* Prompt *
I would like every record reproduced exactly, with the pictures left out.

(Data records)
# # # #

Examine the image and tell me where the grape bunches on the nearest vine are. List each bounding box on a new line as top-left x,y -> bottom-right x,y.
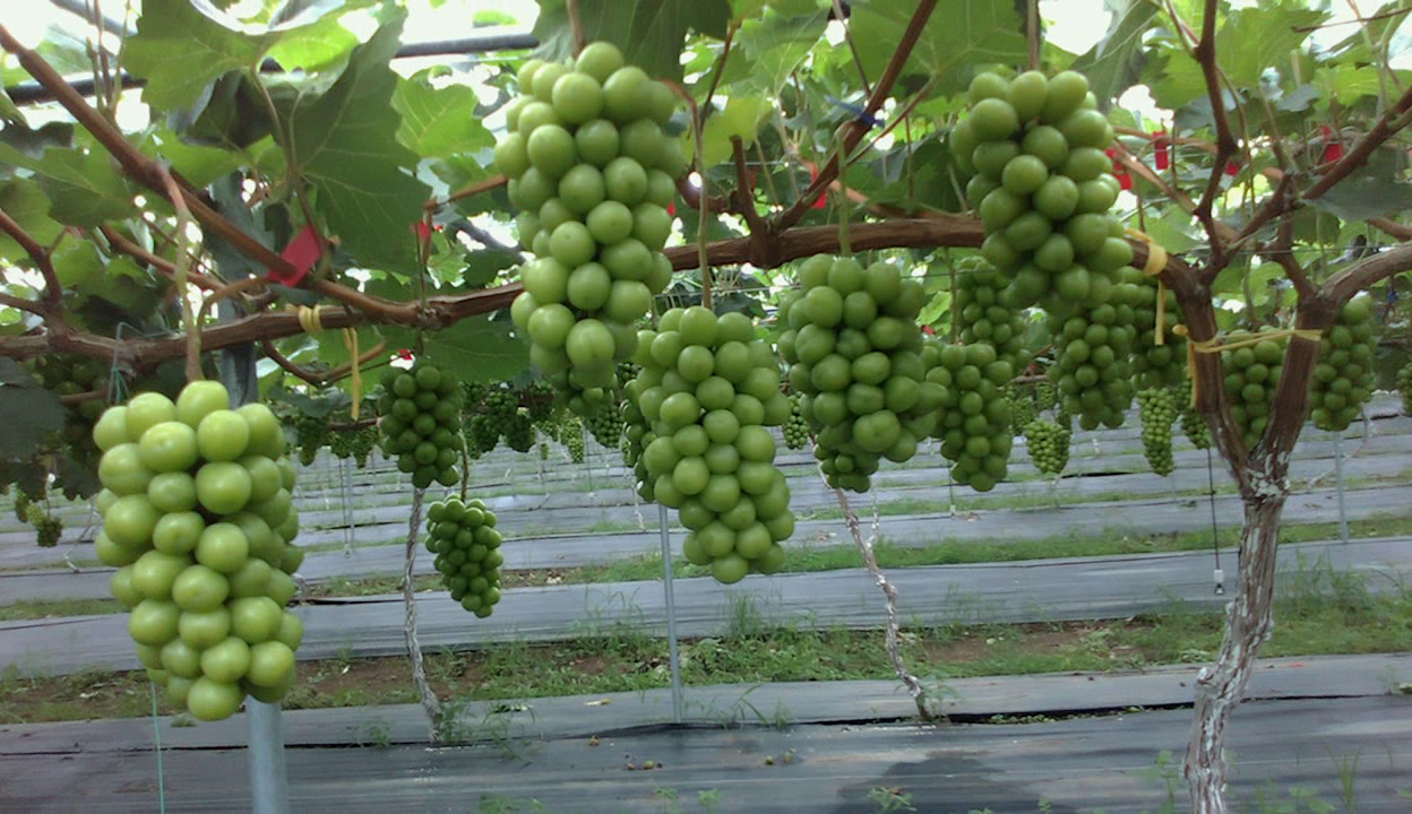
92,380 -> 307,720
493,43 -> 682,388
632,306 -> 794,584
776,253 -> 952,464
949,70 -> 1136,319
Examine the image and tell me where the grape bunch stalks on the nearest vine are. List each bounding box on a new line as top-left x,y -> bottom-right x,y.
161,173 -> 203,381
1026,0 -> 1039,70
669,80 -> 711,309
566,3 -> 585,55
826,122 -> 852,258
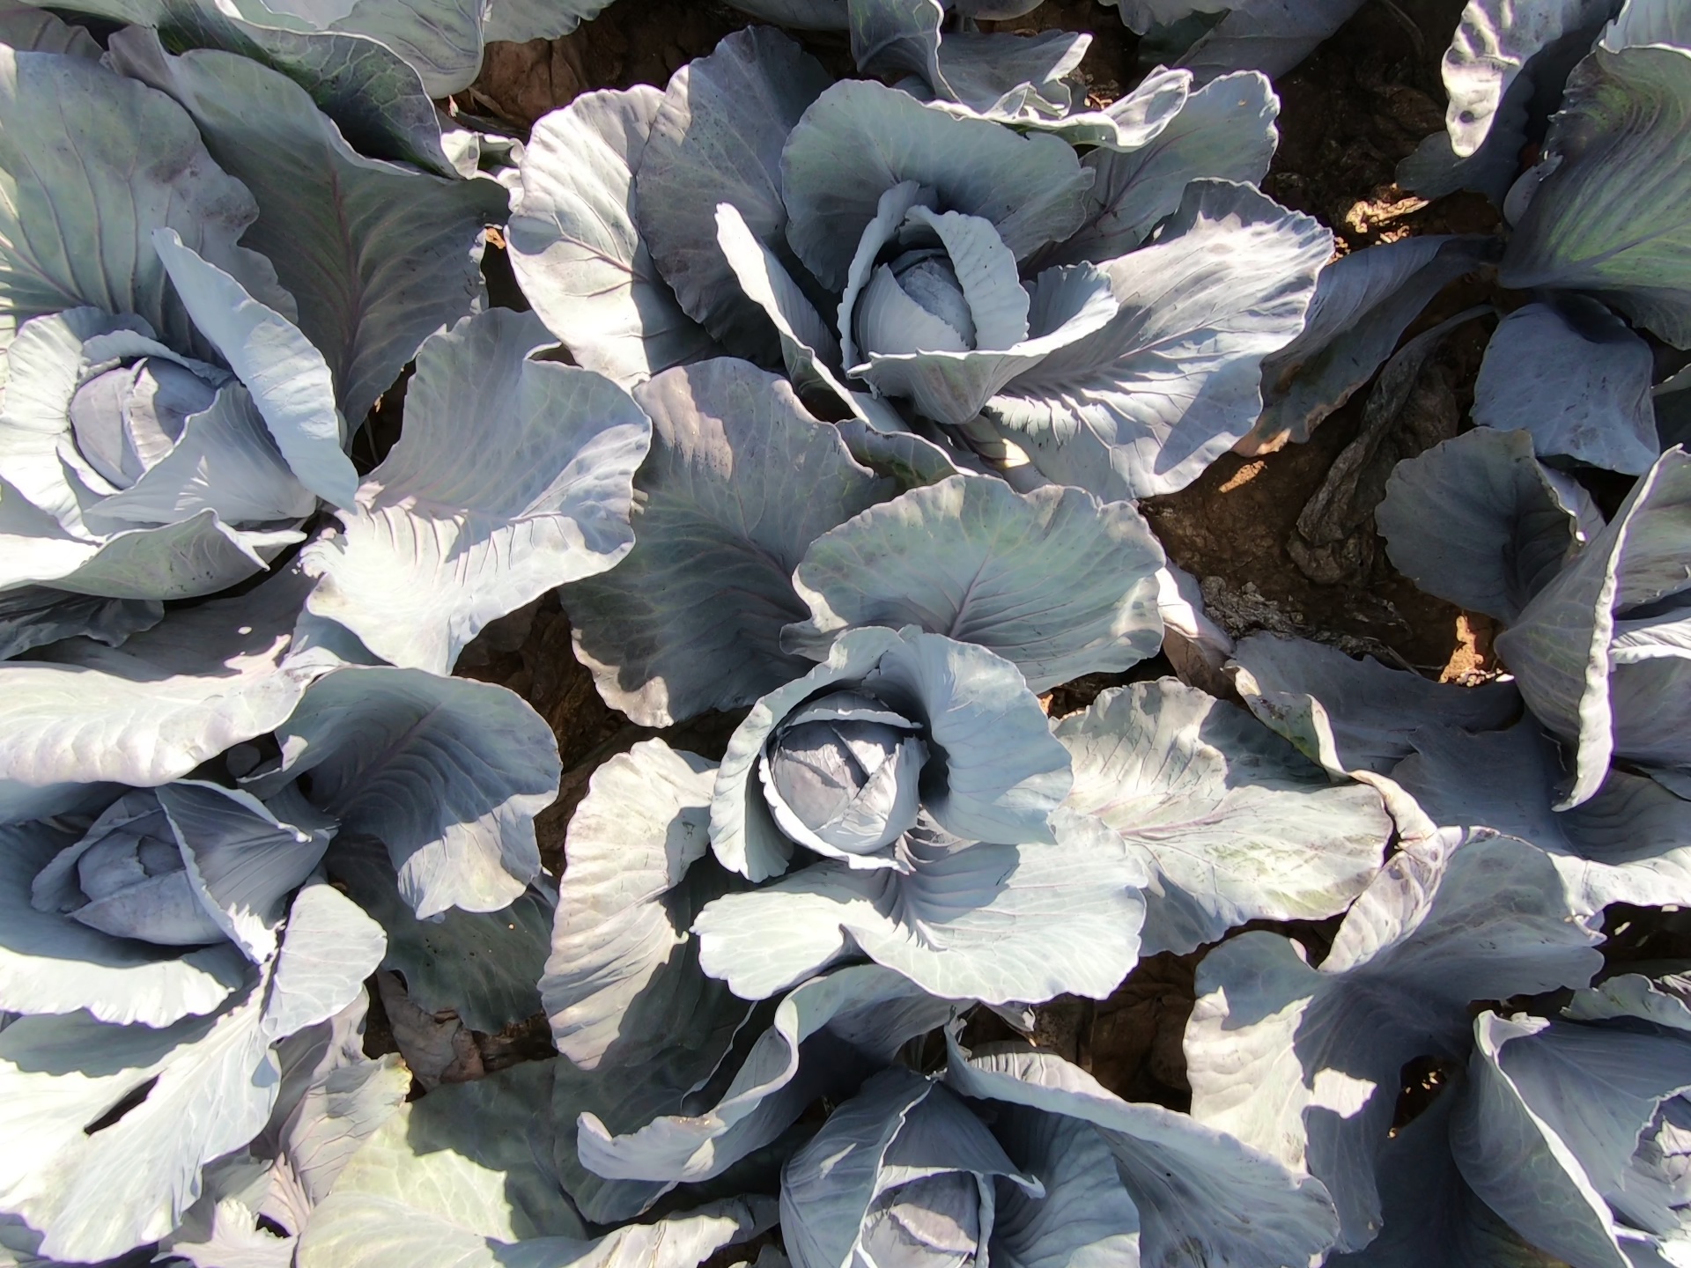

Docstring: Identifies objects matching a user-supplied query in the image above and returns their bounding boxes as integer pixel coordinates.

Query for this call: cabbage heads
[66,353,260,508]
[1592,618,1687,757]
[856,250,996,372]
[788,1104,996,1267]
[1536,1042,1688,1244]
[766,699,919,856]
[75,796,268,937]

# # # #

* Answer for the task *
Examine the image and tell me where the grape bunches on the nearest vine are. List each bounding box on a new line as top-left x,y -> bottom-right x,y.
92,380 -> 307,720
493,43 -> 682,388
632,306 -> 794,584
776,253 -> 952,464
949,70 -> 1136,319
Examine the image and tell me where the grape bunch stalks on the nearest vine are. List each bounding box on a new line as top-left x,y -> bottom-right x,y.
161,173 -> 203,381
1026,0 -> 1039,70
669,80 -> 711,309
566,3 -> 585,55
826,122 -> 852,258

Docstring: Identifies objects matching a user-supplied query in the image above and returns their bounding boxes as integer pixel coordinates.

Query for this call: cabbage heads
[66,353,260,508]
[1592,618,1687,757]
[856,250,996,372]
[788,1104,996,1267]
[1536,1042,1688,1244]
[766,699,919,856]
[75,796,268,937]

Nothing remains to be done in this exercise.